Correlations of Cross-Entropy Loss in Machine Learning

Richard Connor,Alan Dearle,Ben Claydon,Lucia Vadicamo
DOI: https://doi.org/10.3390/e26060491
IF: 2.738
2024-06-04
Entropy
Abstract:Cross-entropy loss is crucial in training many deep neural networks. In this context, we show a number of novel and strong correlations among various related divergence functions. In particular, we demonstrate that, in some circumstances, (a) cross-entropy is almost perfectly correlated with the little-known triangular divergence, and (b) cross-entropy is strongly correlated with the Euclidean distance over the logits from which the softmax is derived. The consequences of these observations are as follows. First, triangular divergence may be used as a cheaper alternative to cross-entropy. Second, logits can be used as features in a Euclidean space which is strongly synergistic with the classification process. This justifies the use of Euclidean distance over logits as a measure of similarity, in cases where the network is trained using softmax and cross-entropy. We establish these correlations via empirical observation, supported by a mathematical explanation encompassing a number of strongly related divergence functions.
physics, multidisciplinary
What problem does this paper attempt to address?
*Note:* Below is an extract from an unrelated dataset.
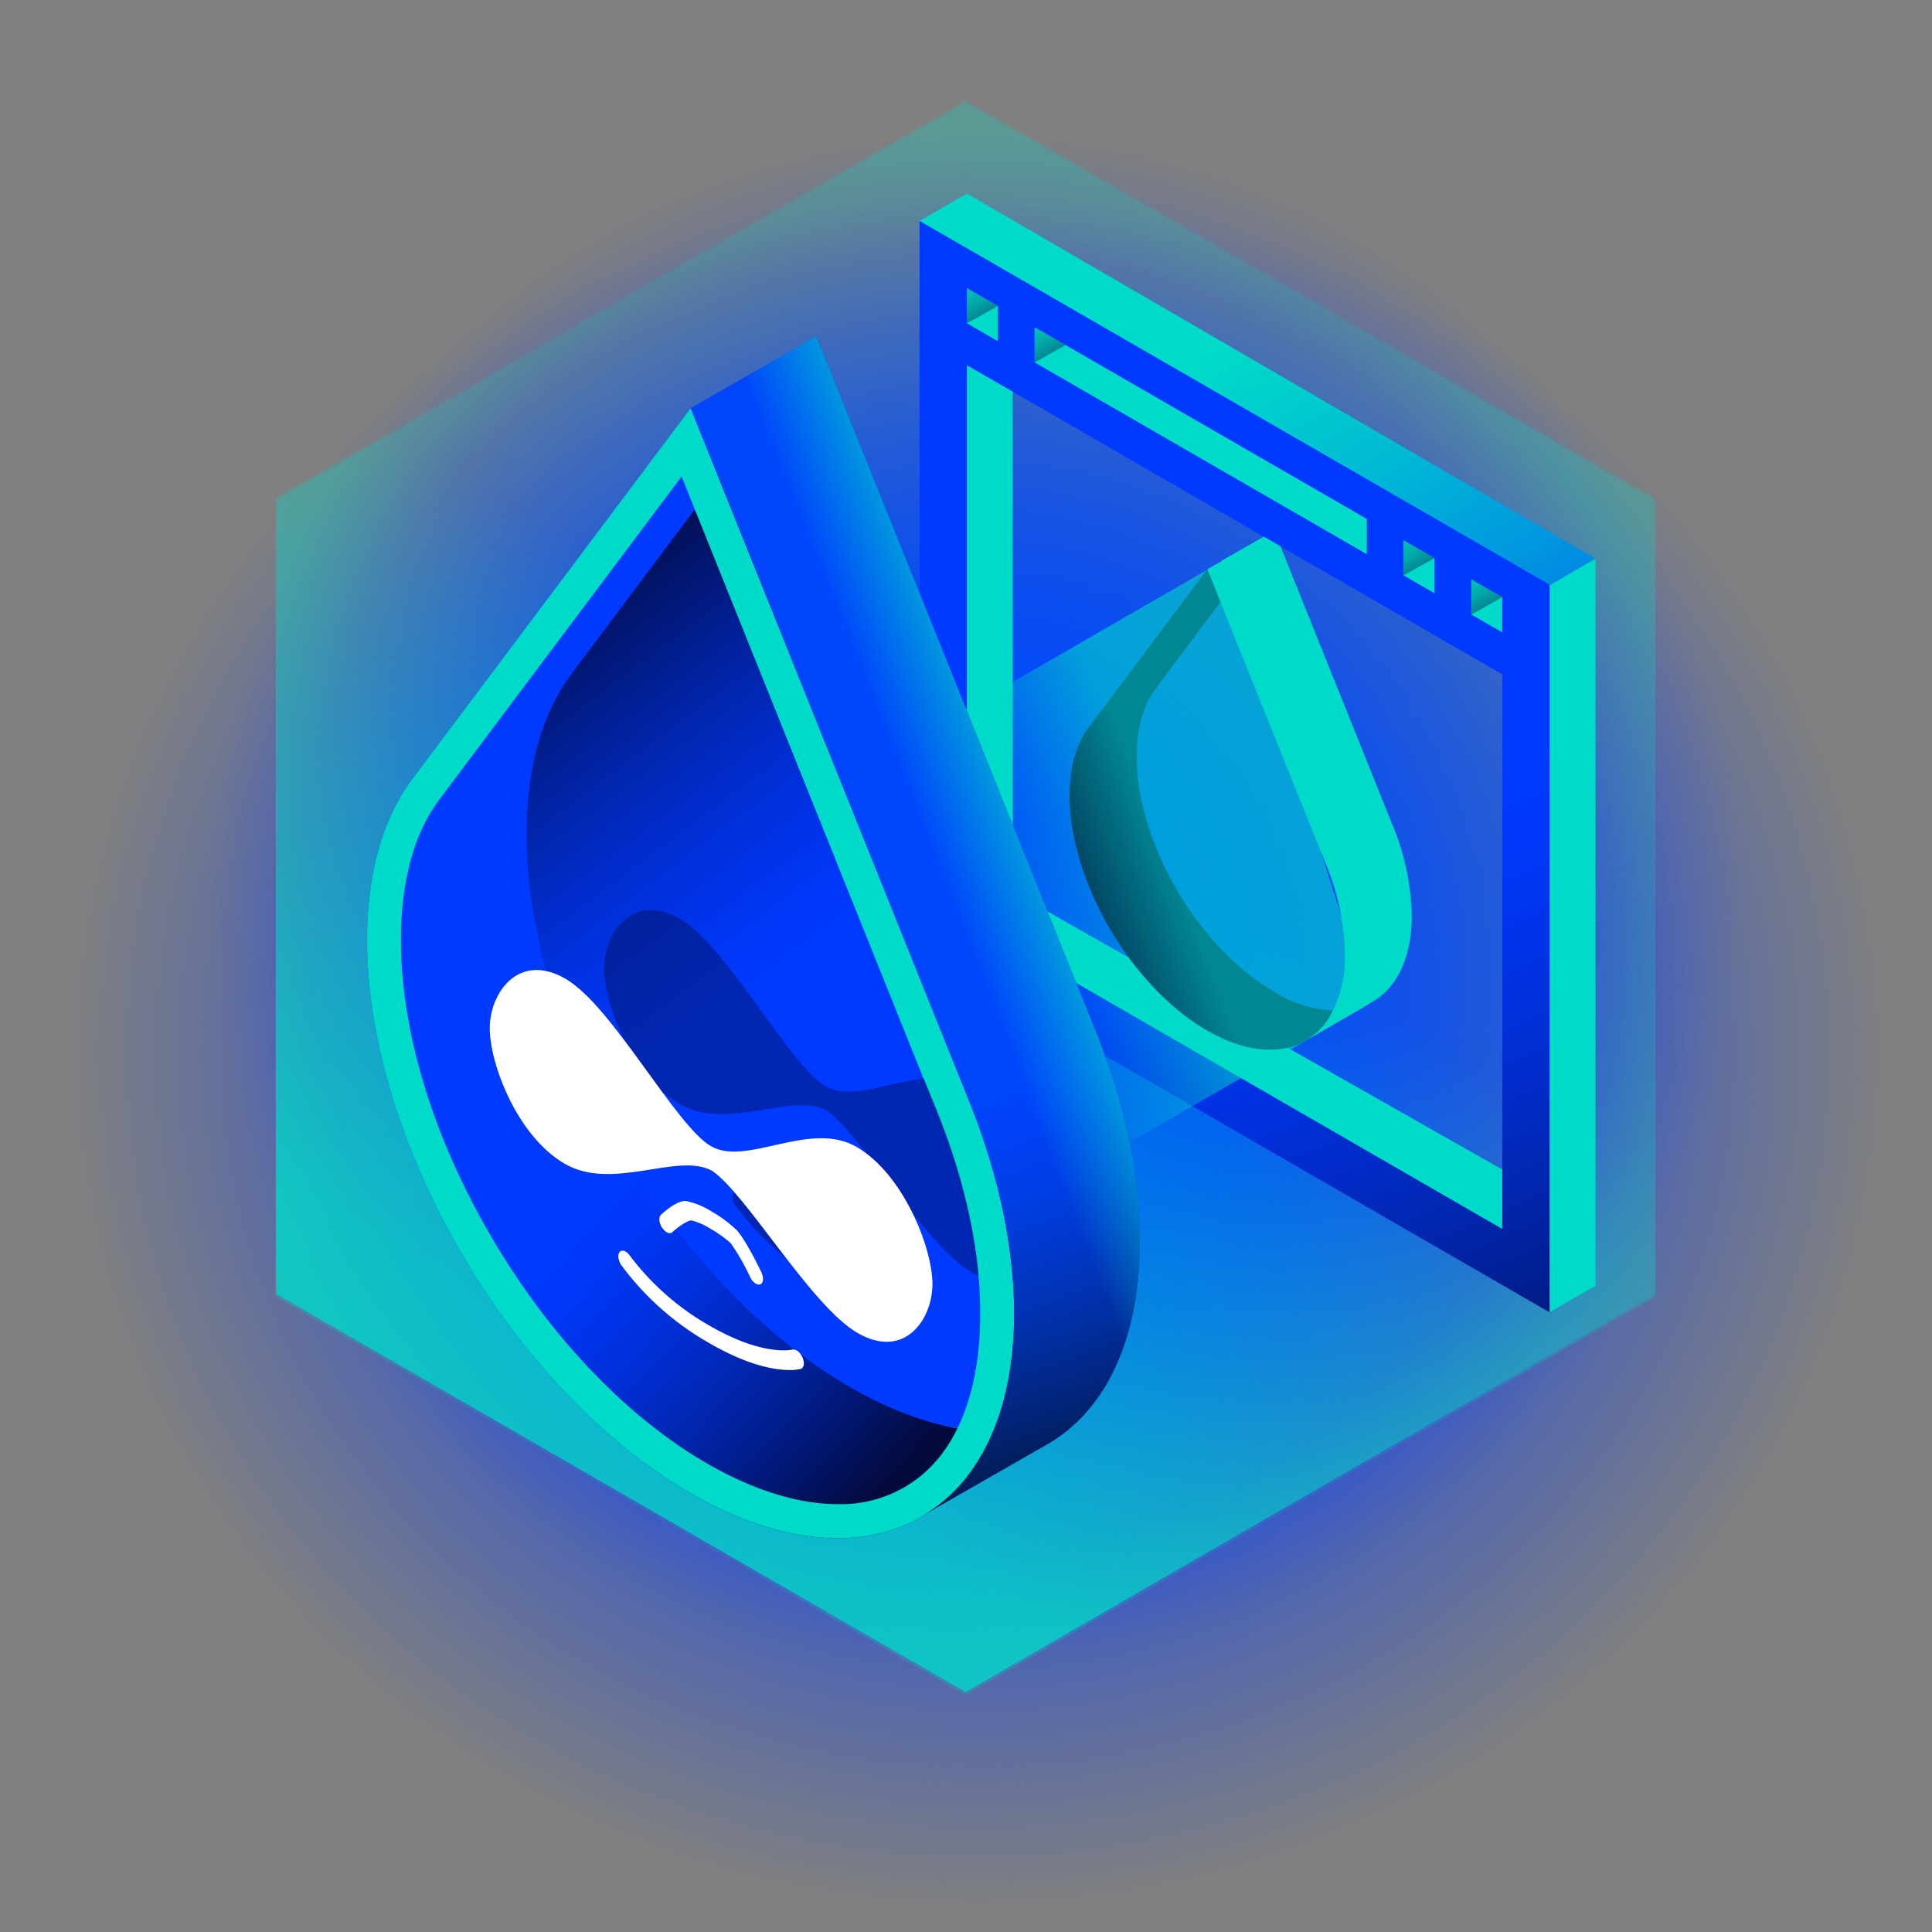 <svg xmlns="http://www.w3.org/2000/svg" xmlns:xlink="http://www.w3.org/1999/xlink" viewBox="0 0 300 300"><rect x="0" y="0" width="300" height="300" fill="#808080" stroke="none"/><defs><style>.cls-1{fill:url(#radial-gradient);}.cls-2{fill:url(#radial-gradient-2);}.cls-3{fill:url(#linear-gradient);}.cls-4{opacity:0.3;fill:url(#radial-gradient-3);}.cls-5{fill:#00dac9;}.cls-6{fill:url(#linear-gradient-2);}.cls-7{fill:url(#linear-gradient-3);}.cls-8{fill:#0039ff;}.cls-9{opacity:0.5;}.cls-10{fill:url(#linear-gradient-4);}.cls-11{fill:url(#linear-gradient-5);}.cls-12{fill:url(#linear-gradient-6);}.cls-13{fill:url(#linear-gradient-7);}.cls-14{fill:#030a3d;}.cls-15{fill:url(#linear-gradient-8);}.cls-16{fill:url(#linear-gradient-9);}.cls-17{fill:url(#linear-gradient-10);}.cls-18{fill:url(#linear-gradient-11);}.cls-19{fill:url(#linear-gradient-12);}.cls-20{opacity:0.4;}.cls-21{fill:#fff;}</style><radialGradient id="radial-gradient" cx="556.22" cy="163.38" r="138.83" gradientTransform="translate(-437.82) scale(1.06 1)" gradientUnits="userSpaceOnUse"><stop offset="0.21" stop-color="#0039ff"/><stop offset="0.96" stop-color="#0039ff" stop-opacity="0"/></radialGradient><radialGradient id="radial-gradient-2" cx="151.53" cy="139.05" r="123.71" gradientTransform="matrix(1, 0, 0, 1, 0, 0)" xlink:href="#radial-gradient"/><linearGradient id="linear-gradient" x1="9501.52" y1="231.82" x2="9394.4" y2="46.28" gradientTransform="matrix(-1, 0, 0, 1, 9597.9, 0)" gradientUnits="userSpaceOnUse"><stop offset="0.07" stop-color="#00dac9" stop-opacity="0.75"/><stop offset="0.58" stop-color="#00dac9" stop-opacity="0.07"/></linearGradient><radialGradient id="radial-gradient-3" cx="635.21" cy="36.33" r="109.83" gradientTransform="translate(-519.2 101.24) scale(1.05 1.05)" gradientUnits="userSpaceOnUse"><stop offset="0.87" stop-color="#00dac9" stop-opacity="0.07"/><stop offset="1" stop-color="#00dac9" stop-opacity="0.75"/></radialGradient><linearGradient id="linear-gradient-2" x1="198.22" y1="133.75" x2="242.74" y2="234.33" gradientUnits="userSpaceOnUse"><stop offset="0" stop-color="#0039ff"/><stop offset="0.11" stop-color="#0037f9"/><stop offset="0.26" stop-color="#0033e7"/><stop offset="0.43" stop-color="#012cca"/><stop offset="0.62" stop-color="#0123a2"/><stop offset="0.82" stop-color="#021670"/><stop offset="1" stop-color="#030a3d"/></linearGradient><linearGradient id="linear-gradient-3" x1="9398.92" y1="49.56" x2="9370.92" y2="99.21" gradientTransform="matrix(-1, 0, 0, 1, 9597.9, 0)" gradientUnits="userSpaceOnUse"><stop offset="0" stop-color="#0039ff" stop-opacity="0"/><stop offset="0.16" stop-color="#0039ff" stop-opacity="0.06"/><stop offset="0.47" stop-color="#0039ff" stop-opacity="0.2"/><stop offset="0.89" stop-color="#0039ff" stop-opacity="0.43"/><stop offset="1" stop-color="#0039ff" stop-opacity="0.5"/></linearGradient><linearGradient id="linear-gradient-4" x1="9368.98" y1="90.65" x2="9367.02" y2="94.12" gradientTransform="matrix(-1, 0, 0, 1, 9597.9, 0)" gradientUnits="userSpaceOnUse"><stop offset="0" stop-color="#030a3d" stop-opacity="0.3"/><stop offset="0.43" stop-color="#030a3d" stop-opacity="0.46"/><stop offset="1" stop-color="#030a3d" stop-opacity="0.79"/></linearGradient><linearGradient id="linear-gradient-5" x1="9379.49" y1="84.57" x2="9377.53" y2="88.04" xlink:href="#linear-gradient-4"/><linearGradient id="linear-gradient-6" x1="9447.3" y1="45.43" x2="9445.34" y2="48.9" xlink:href="#linear-gradient-4"/><linearGradient id="linear-gradient-7" x1="9436.78" y1="51.5" x2="9434.83" y2="54.97" xlink:href="#linear-gradient-4"/><linearGradient id="linear-gradient-8" x1="140.78" y1="149.05" x2="181.33" y2="133.38" gradientUnits="userSpaceOnUse"><stop offset="0.48" stop-color="#00dac9" stop-opacity="0.07"/><stop offset="1" stop-color="#00dac9" stop-opacity="0.6"/></linearGradient><linearGradient id="linear-gradient-9" x1="133.34" y1="145.52" x2="88.35" y2="85.54" xlink:href="#linear-gradient-2"/><linearGradient id="linear-gradient-10" x1="118.42" y1="157.32" x2="164.93" y2="201.28" xlink:href="#linear-gradient-2"/><linearGradient id="linear-gradient-11" x1="147.49" y1="173.14" x2="167.43" y2="229.12" xlink:href="#linear-gradient-2"/><linearGradient id="linear-gradient-12" x1="122.62" y1="148.79" x2="159.93" y2="133.97" gradientUnits="userSpaceOnUse"><stop offset="0.65" stop-color="#00dac9" stop-opacity="0.07"/><stop offset="1" stop-color="#00dac9" stop-opacity="0.6"/></linearGradient></defs><title>uslugi</title><g id="Layer_1" data-name="Layer 1"><ellipse class="cls-1" cx="150.96" cy="163.38" rx="146.96" ry="138.83"/><circle class="cls-2" cx="151.53" cy="139.05" r="123.71"/><polygon class="cls-3" points="257.06 77.2 257.06 200.89 149.94 262.74 42.83 200.89 42.83 77.2 149.94 15.36 257.06 77.2"/><polygon class="cls-4" points="42.83 77.66 42.83 201.37 149.94 263.22 257.06 201.37 257.06 77.66 149.94 15.81 42.83 77.66"/><path class="cls-5" d="M150.14,30.06l-7.36,4.24,5.3,108.91,92.54,60.55,7.13-4.12V86.74Zm7.12,22.27,79.8,48.37,1.29,83.78-81.09-46Z"/><path class="cls-6" d="M142.78,34.3v113l97.84,56.48v-113Zm7.35,22.41,83.14,48v86.12l-83.14-48Z"/><polygon class="cls-5" points="150.13 44.73 233.27 92.73 233.27 98.2 150.13 50.2 150.13 44.73"/><polygon class="cls-7" points="240.7 90.85 172.14 51.25 179.25 46.87 247.75 86.74 240.7 90.85"/><polygon class="cls-8" points="160.65 48.42 154.95 44.52 154.95 55.92 160.65 59.84 160.65 48.42"/><polygon class="cls-8" points="228.46 87.03 222.76 83.13 222.76 94.53 228.46 98.45 228.46 87.03"/><g class="cls-9"><polygon class="cls-10" points="228.46 95.43 233.27 92.73 228.46 89.95 228.46 95.43"/></g><g class="cls-9"><polygon class="cls-11" points="217.94 89.35 222.76 86.65 217.94 83.87 217.94 89.35"/></g><g class="cls-9"><polygon class="cls-12" points="150.13 50.21 154.95 47.51 150.13 44.73 150.13 50.21"/></g><g class="cls-9"><polygon class="cls-13" points="160.65 56.28 165.46 53.58 160.65 50.8 160.65 56.28"/></g><polygon class="cls-8" points="217.94 80.95 212.24 77.05 212.24 88.45 217.94 92.36 217.94 80.95"/><path class="cls-5" d="M219.22,142.18a38.46,38.46,0,0,0-3.1-14.34L197.86,82.4l-8.3,4.75,1.65,4.11,16.61,41.34a38.39,38.39,0,0,1,3.11,14.34,18.07,18.07,0,0,1-2.58,10h0a10.59,10.59,0,0,1-3.8,3.51h0l8.54-4.89h0C216.88,153.42,219.22,148.79,219.22,142.18Z"/><path class="cls-14" d="M197.86,154c-11.8-6.82-21.36-23.17-21.36-36.52,0-4.45,1.06-8,2.91-10.51h0l.17-.24h0l11.62-15.5-1.65-4.11-18.27,24.37h0l-.17.23h0c-1.85,2.51-2.91,6.07-2.91,10.51,0,13.36,9.56,29.71,21.36,36.52,5.84,3.37,11.14,3.78,15,1.7a10.59,10.59,0,0,0,3.8-3.51A19,19,0,0,1,197.86,154Z"/><path class="cls-5" d="M217.13,143.43a38.41,38.41,0,0,0-3.1-14.34L195.77,83.64l-8.3,4.76,1.66,4.11,16.61,41.33a38.66,38.66,0,0,1,3.1,14.35,18.07,18.07,0,0,1-2.58,10h0a10.66,10.66,0,0,1-3.79,3.51h0l8.55-4.89h0C214.79,154.67,217.13,150,217.13,143.43Z"/><path class="cls-14" d="M195.77,155.28c-11.8-6.81-21.36-23.16-21.36-36.51,0-4.45,1.06-8,2.91-10.52h0l.17-.23h0l11.63-15.5-1.66-4.11L169.2,112.76v0L169,113h0c-1.85,2.51-2.91,6.06-2.91,10.51,0,13.36,9.57,29.71,21.36,36.52,5.85,3.37,11.14,3.77,15,1.7a10.66,10.66,0,0,0,3.79-3.51A19,19,0,0,1,195.77,155.28Z"/><polygon class="cls-8" points="193.41 81.69 203.33 87.42 201.41 82.69 195.78 79.37 193.41 81.69"/><polygon class="cls-15" points="167.9 181.72 145.96 112.42 190.66 86.61 212.61 155.91 167.9 181.72"/><path class="cls-16" d="M152.46,222c-6.47,0-13.89-2.31-21.46-6.68-13.46-7.77-26.16-21.1-35.78-37.54s-14.89-33.83-14.89-49c0-9.53,2.14-17.48,6.19-23l40.19-53.6,42,104.52c4.82,11.74,7.36,23.42,7.36,33.81,0,10.08-2.37,18.33-6.85,23.85-4.06,5-9.86,7.65-16.76,7.65Z"/><path class="cls-17" d="M156.67,222.32c-7.29.45-15.7-1.75-24.66-6.92-27.75-16-50.24-54.47-50.24-85.87,0-10.46,2.5-18.81,6.85-24.72h0l.4-.54,0,0,27.33-36.45-3.47-3.7-5.22.45-.45-1.15-43,57.3,0,0-.41.54h0C59.5,127.16,57,135.51,57,146c0,31.41,22.49,69.85,50.24,85.87,13.73,7.93,26.18,8.88,35.25,4a24.56,24.56,0,0,0,8.06-7A25.46,25.46,0,0,0,156.67,222.32Z"/><path class="cls-5" d="M150.18,170.24,107.24,63.38l-43,57.3,0,0-.41.54h0C59.5,127.16,57,135.51,57,146c0,31.41,22.49,69.85,50.24,85.87s50.23,3.54,50.23-27.87C157.47,193.16,154.81,181.52,150.18,170.24Zm-4.41,56.14A19.53,19.53,0,0,1,130,233.56h0c-6.08,0-13-2.17-20.16-6.28C97.23,220,85.29,207.46,76.26,192s-14-31.78-14-46.05c0-9,2-16.43,5.82-21.6L105.84,74,145.3,172.2c4.52,11,6.91,22,6.91,31.77C152.21,213.44,150,221.19,145.77,226.38Z"/><path class="cls-18" d="M177,192.79c0-10.81-2.66-22.45-7.29-33.73L126.75,52.2,107.24,63.38,111.12,73l39.06,97.2c4.63,11.28,7.29,22.92,7.29,33.73,0,9.82-2.2,17.79-6.06,23.61h0a24.82,24.82,0,0,1-8.92,8.26h0l20.09-11.5h0C171.48,219.21,177,208.32,177,192.79Z"/><path class="cls-19" d="M177,192.79c0-10.81-2.66-22.45-7.29-33.73L126.75,52.2,107.24,63.38,111.12,73l39.06,97.2c4.63,11.28,7.29,22.92,7.29,33.73,0,9.82-2.2,17.79-6.06,23.61h0a24.82,24.82,0,0,1-8.92,8.26h0l20.09-11.5h0C171.48,219.21,177,208.32,177,192.79Z"/><g class="cls-20"><path class="cls-14" d="M128.17,168.68c-5.52-3.19-15.3-21.77-22.58-26s-11.79,2.12-11.79,7.66,4.26,16.79,11.66,21.06,17.36-1.75,22.7.95c0,0,0,0,.05,0,5.35,3.51,15.4,21,22.66,25.24.32.18.81.43,1.11.57-1.3-14.36-6.6-26-8.53-30.69C137.81,168.09,132,170.88,128.17,168.68Z"/><path class="cls-14" d="M140.8,200.3c-.05,0-4.45,1.12-12.78-3.68a40.67,40.67,0,0,1-12.45-10.86c-.5-.74-1.21-1-1.58-.62a1.85,1.85,0,0,0,.23,2.06A44,44,0,0,0,128,199.39c9.1,5.25,13.87,4,14.07,3.93.51-.15.63-.94.28-1.77S141.31,200.16,140.8,200.3Z"/><path class="cls-14" d="M122.14,182.11c1-.9,2.4-1.86,3-1.82a10.11,10.11,0,0,1,3.05,1.32,19.3,19.3,0,0,1,3.09,2.22,35.64,35.64,0,0,1,3,5.25c.4.82,1.11,1.31,1.59,1.11s.55-1,.16-1.86c-.57-1.18-2.52-5.12-3.85-6.56a20.26,20.26,0,0,0-3.91-2.9,11.52,11.52,0,0,0-4-1.64c-1.32-.09-3.27,1.6-3.84,2.12-.39.36-.32,1.27.16,2S121.74,182.48,122.14,182.11Z"/></g><path class="cls-21" d="M110.42,178c-5.52-3.19-15.31-21.77-22.58-26s-11.79,2.12-11.79,7.66,4.26,16.79,11.66,21.06,17.35-1.75,22.69,1c0,0,0,0,.06,0,5.34,3.5,15.39,21,22.66,25.24s11.67-2,11.67-7.59-4.52-17.08-11.79-21.28-17.06,3.08-22.58-.1"/><path class="cls-21" d="M123,209.57s-4.44,1.12-12.77-3.69A40.57,40.57,0,0,1,97.82,195c-.5-.74-1.21-1-1.58-.62s-.27,1.31.23,2.06a43.83,43.83,0,0,0,13.8,12.19c9.1,5.25,13.87,4,14.07,3.93.51-.15.63-.94.27-1.77S123.56,209.43,123,209.57Z"/><path class="cls-21" d="M106.48,186.49c-1.32-.08-3.27,1.61-3.84,2.13-.4.36-.33,1.27.16,2s1.19,1.08,1.59.72c1-.91,2.4-1.86,3-1.83a10.51,10.51,0,0,1,3,1.33,17.76,17.76,0,0,1,3.09,2.22,34.07,34.07,0,0,1,3,5.25c.39.82,1.11,1.31,1.59,1.11s.55-1.05.15-1.87c-.56-1.17-2.51-5.11-3.84-6.55a20.26,20.26,0,0,0-3.91-2.9A11.87,11.87,0,0,0,106.48,186.49Z"/></g></svg>

The paper aims to investigate and demonstrate strong correlations among various divergence functions, particularly focusing on the cross-entropy loss, which is a fundamental component in the training of many deep neural networks. The key contributions and findings of the paper can be summarized as follows: 1. **Strong Correlations Among Divergence Functions**: The authors show that there are strong correlations between cross-entropy divergence (CED), Kullback-Leibler divergence (KLD), Jensen-Shannon divergence (JSD), and triangular divergence (TRI) in certain spaces. These correlations are particularly strong when higher temperature values are used within the softmax function. 2. **Correlation Between Euclidean Divergence and Cross-Entropy**: The paper also establishes a tight correlation between the Euclidean divergence (EUC) over the logit space and the CED, to which the softmax function has been applied with a high temperature. This suggests that the Euclidean distance over logits could be a suitable measure of similarity in cases where the network is trained using softmax and cross-entropy. 3. **Practical Applications**: - The almost perfect correlation between CED and TRI suggests that TRI can be used as a computationally cheaper alternative to CED. - The strong correlation between EUC and CED indicates that Euclidean distance over the logit space could be a better metric for assessing similarity post-training, challenging the commonly recommended cosine distance.